# Try it:
Once the line containing "#503 = CARTESIAN_POINT" is found in the entries below, restate it and each following line word for word, stopping after the line containing "#547 = DIRECTION".

# Data:
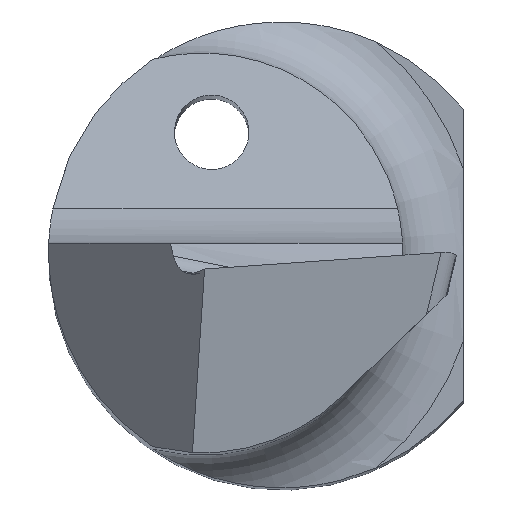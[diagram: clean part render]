
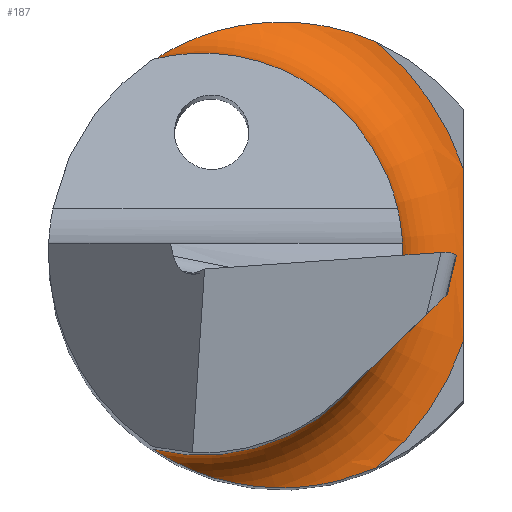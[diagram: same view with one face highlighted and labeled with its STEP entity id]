
A CAD part, top view. The second image highlights one B-rep face of the part: STEP entity #187.
In plain terms, the highlighted toroidal (fillet/blend) face has major radius 2.95 mm and minor radius 0.8 mm.
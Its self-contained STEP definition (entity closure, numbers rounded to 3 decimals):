
#10 = CARTESIAN_POINT ( 'NONE',  ( 1.95, -0.929, 15. ) ) ;
#20 = CARTESIAN_POINT ( 'NONE',  ( -0.106, -2.5, 15.076 ) ) ;
#42 = ORIENTED_EDGE ( 'NONE', *, *, #83, .F. ) ;
#56 = CARTESIAN_POINT ( 'NONE',  ( -1.068, 2.263, 15.373 ) ) ;
#83 = EDGE_CURVE ( 'NONE', #708, #864, #876, .T. ) ;
#88 = CARTESIAN_POINT ( 'NONE',  ( -1.312, -2.128, 15.585 ) ) ;
#124 = AXIS2_PLACEMENT_3D ( 'NONE', #295, #508, #357 ) ;
#132 = EDGE_CURVE ( 'NONE', #864, #846, #677, .T. ) ;
#159 = CARTESIAN_POINT ( 'NONE',  ( -1.068, -2.263, 15.372 ) ) ;
#164 = CARTESIAN_POINT ( 'NONE',  ( -1.382, -2.083, 15.8 ) ) ;
#166 = VERTEX_POINT ( 'NONE', #737 ) ;
#167 = CARTESIAN_POINT ( 'NONE',  ( -1.382, 2.083, 15.8 ) ) ;
#187 = ADVANCED_FACE ( 'NONE', ( #682 ), #563, .F. ) ;
#192 = CARTESIAN_POINT ( 'NONE',  ( 1.018, 2.284, 15. ) ) ;
#198 = CARTESIAN_POINT ( 'NONE',  ( 1.95, -0.929, 15. ) ) ;
#211 = EDGE_CURVE ( 'NONE', #490, #703, #615, .T. ) ;
#225 = B_SPLINE_CURVE_WITH_KNOTS ( 'NONE', 3,
 ( #316, #870, #274, #775, #328, #522, #56, #447, #705, #699, #251, #781, #594, #263, #791, #192 ),
 .UNSPECIFIED., .F., .F.,
 ( 4, 2, 2, 2, 2, 2, 2, 4 ),
 ( 0., 0., 0., 0.001, 0.001, 0.001, 0.002, 0.003 ),
 .UNSPECIFIED. ) ;
#228 = CARTESIAN_POINT ( 'NONE',  ( 0.583, -2.442, 15.007 ) ) ;
#244 = EDGE_CURVE ( 'NONE', #846, #490, #833, .T. ) ;
#251 = CARTESIAN_POINT ( 'NONE',  ( -0.447, 2.462, 15.142 ) ) ;
#263 = CARTESIAN_POINT ( 'NONE',  ( 0.578, 2.443, 15.007 ) ) ;
#273 = ORIENTED_EDGE ( 'NONE', *, *, #582, .F. ) ;
#274 = CARTESIAN_POINT ( 'NONE',  ( -1.365, 2.095, 15.684 ) ) ;
#285 = ORIENTED_EDGE ( 'NONE', *, *, #211, .F. ) ;
#295 = CARTESIAN_POINT ( 'NONE',  ( -0.85, 0., 15.8 ) ) ;
#303 = CARTESIAN_POINT ( 'NONE',  ( -0.872, -2.345, 15.275 ) ) ;
#307 = CARTESIAN_POINT ( 'NONE',  ( -0.443, -2.463, 15.141 ) ) ;
#316 = CARTESIAN_POINT ( 'NONE',  ( -1.382, 2.083, 15.8 ) ) ;
#326 = CIRCLE ( 'NONE', #391, 2.95 ) ;
#328 = CARTESIAN_POINT ( 'NONE',  ( -1.277, 2.15, 15.543 ) ) ;
#335 = CARTESIAN_POINT ( 'NONE',  ( 1.95, 0.31, 15.014 ) ) ;
#341 = CARTESIAN_POINT ( 'NONE',  ( 1.018, -2.284, 15. ) ) ;
#348 = CARTESIAN_POINT ( 'NONE',  ( 1.95, 0.619, 15. ) ) ;
#357 = DIRECTION ( 'NONE',  ( 1., 0., 0. ) ) ;
#362 = CARTESIAN_POINT ( 'NONE',  ( -1.365, -2.095, 15.684 ) ) ;
#365 = CARTESIAN_POINT ( 'NONE',  ( 1.018, -2.284, 15. ) ) ;
#373 = CARTESIAN_POINT ( 'NONE',  ( -0.219, -2.493, 15.095 ) ) ;
#379 = ORIENTED_EDGE ( 'NONE', *, *, #244, .F. ) ;
#391 = AXIS2_PLACEMENT_3D ( 'NONE', #398, #662, #547 ) ;
#398 = CARTESIAN_POINT ( 'NONE',  ( -0.85, 0., 15. ) ) ;
#412 = DIRECTION ( 'NONE',  ( 1., 0., 0. ) ) ;
#415 = CARTESIAN_POINT ( 'NONE',  ( -1.382, -2.083, 15.8 ) ) ;
#447 = CARTESIAN_POINT ( 'NONE',  ( -0.874, 2.344, 15.276 ) ) ;
#483 = CARTESIAN_POINT ( 'NONE',  ( -0.85, 0., 15. ) ) ;
#490 = VERTEX_POINT ( 'NONE', #415 ) ;
#503 = CARTESIAN_POINT ( 'NONE',  ( -0.769, -2.381, 15.236 ) ) ;
#508 = DIRECTION ( 'NONE',  ( 0., 0., 1. ) ) ;
#522 = CARTESIAN_POINT ( 'NONE',  ( -1.161, 2.216, 15.43 ) ) ;
#527 = AXIS2_PLACEMENT_3D ( 'NONE', #483, #603, #412 ) ;
#547 = DIRECTION ( 'NONE',  ( 1., 0., 0. ) ) ;
#562 = CARTESIAN_POINT ( 'NONE',  ( 0.804, -2.379, 15. ) ) ;
#563 = TOROIDAL_SURFACE ( 'NONE', #124, 2.95, 0.8 ) ;
#566 = CARTESIAN_POINT ( 'NONE',  ( -0.85, 0., 15.8 ) ) ;
#582 = EDGE_CURVE ( 'NONE', #166, #708, #326, .T. ) ;
#594 = CARTESIAN_POINT ( 'NONE',  ( 0.123, 2.508, 15.043 ) ) ;
#603 = DIRECTION ( 'NONE',  ( 0., 0., -1. ) ) ;
#611 = CARTESIAN_POINT ( 'NONE',  ( 1.95, -0.31, 15.014 ) ) ;
#615 = CIRCLE ( 'NONE', #823, 2.15 ) ;
#621 = CARTESIAN_POINT ( 'NONE',  ( 1.95, 0.929, 15. ) ) ;
#623 = CARTESIAN_POINT ( 'NONE',  ( -1.161, -2.216, 15.43 ) ) ;
#634 = CARTESIAN_POINT ( 'NONE',  ( 0.123, -2.5, 15.046 ) ) ;
#641 = CARTESIAN_POINT ( 'NONE',  ( -1.277, -2.15, 15.543 ) ) ;
#662 = DIRECTION ( 'NONE',  ( 0., 0., -1. ) ) ;
#677 = CIRCLE ( 'NONE', #527, 2.95 ) ;
#682 = FACE_OUTER_BOUND ( 'NONE', #693, .T. ) ;
#693 = EDGE_LOOP ( 'NONE', ( #42, #273, #712, #285, #379, #813 ) ) ;
#695 = CARTESIAN_POINT ( 'NONE',  ( -0.555, -2.44, 15.169 ) ) ;
#699 = CARTESIAN_POINT ( 'NONE',  ( -0.556, 2.44, 15.169 ) ) ;
#703 = VERTEX_POINT ( 'NONE', #167 ) ;
#705 = CARTESIAN_POINT ( 'NONE',  ( -0.77, 2.381, 15.236 ) ) ;
#708 = VERTEX_POINT ( 'NONE', #755 ) ;
#712 = ORIENTED_EDGE ( 'NONE', *, *, #793, .F. ) ;
#737 = CARTESIAN_POINT ( 'NONE',  ( 1.018, 2.284, 15. ) ) ;
#755 = CARTESIAN_POINT ( 'NONE',  ( 1.95, 0.929, 15. ) ) ;
#761 = CARTESIAN_POINT ( 'NONE',  ( -1.382, -2.083, 15.741 ) ) ;
#770 = DIRECTION ( 'NONE',  ( 0., 0., 1. ) ) ;
#775 = CARTESIAN_POINT ( 'NONE',  ( -1.312, 2.128, 15.585 ) ) ;
#781 = CARTESIAN_POINT ( 'NONE',  ( -0.111, 2.508, 15.072 ) ) ;
#791 = CARTESIAN_POINT ( 'NONE',  ( 0.805, 2.378, 15. ) ) ;
#793 = EDGE_CURVE ( 'NONE', #703, #166, #225, .T. ) ;
#801 = CARTESIAN_POINT ( 'NONE',  ( 1.95, -0.619, 15. ) ) ;
#813 = ORIENTED_EDGE ( 'NONE', *, *, #132, .F. ) ;
#819 = CARTESIAN_POINT ( 'NONE',  ( 0.24, -2.491, 15.034 ) ) ;
#823 = AXIS2_PLACEMENT_3D ( 'NONE', #566, #770, #832 ) ;
#832 = DIRECTION ( 'NONE',  ( 1., 0., 0. ) ) ;
#833 = B_SPLINE_CURVE_WITH_KNOTS ( 'NONE', 3,
 ( #365, #562, #228, #819, #634, #20, #373, #307, #695, #503, #303, #159, #623, #641, #88, #362, #761, #164 ),
 .UNSPECIFIED., .F., .F.,
 ( 4, 2, 2, 2, 2, 2, 2, 2, 4 ),
 ( 0., 0.001, 0.001, 0.001, 0.002, 0.002, 0.002, 0.003, 0.003 ),
 .UNSPECIFIED. ) ;
#846 = VERTEX_POINT ( 'NONE', #341 ) ;
#864 = VERTEX_POINT ( 'NONE', #10 ) ;
#870 = CARTESIAN_POINT ( 'NONE',  ( -1.382, 2.083, 15.741 ) ) ;
#876 = B_SPLINE_CURVE_WITH_KNOTS ( 'NONE', 3,
 ( #621, #348, #335, #611, #801, #198 ),
 .UNSPECIFIED., .F., .F.,
 ( 4, 2, 4 ),
 ( 0., 0.001, 0.002 ),
 .UNSPECIFIED. ) ;

# Worked solution:
#503 = CARTESIAN_POINT ( 'NONE',  ( -0.769, -2.381, 15.236 ) ) ;
#508 = DIRECTION ( 'NONE',  ( 0., 0., 1. ) ) ;
#522 = CARTESIAN_POINT ( 'NONE',  ( -1.161, 2.216, 15.43 ) ) ;
#527 = AXIS2_PLACEMENT_3D ( 'NONE', #483, #603, #412 ) ;
#547 = DIRECTION ( 'NONE',  ( 1., 0., 0. ) ) ;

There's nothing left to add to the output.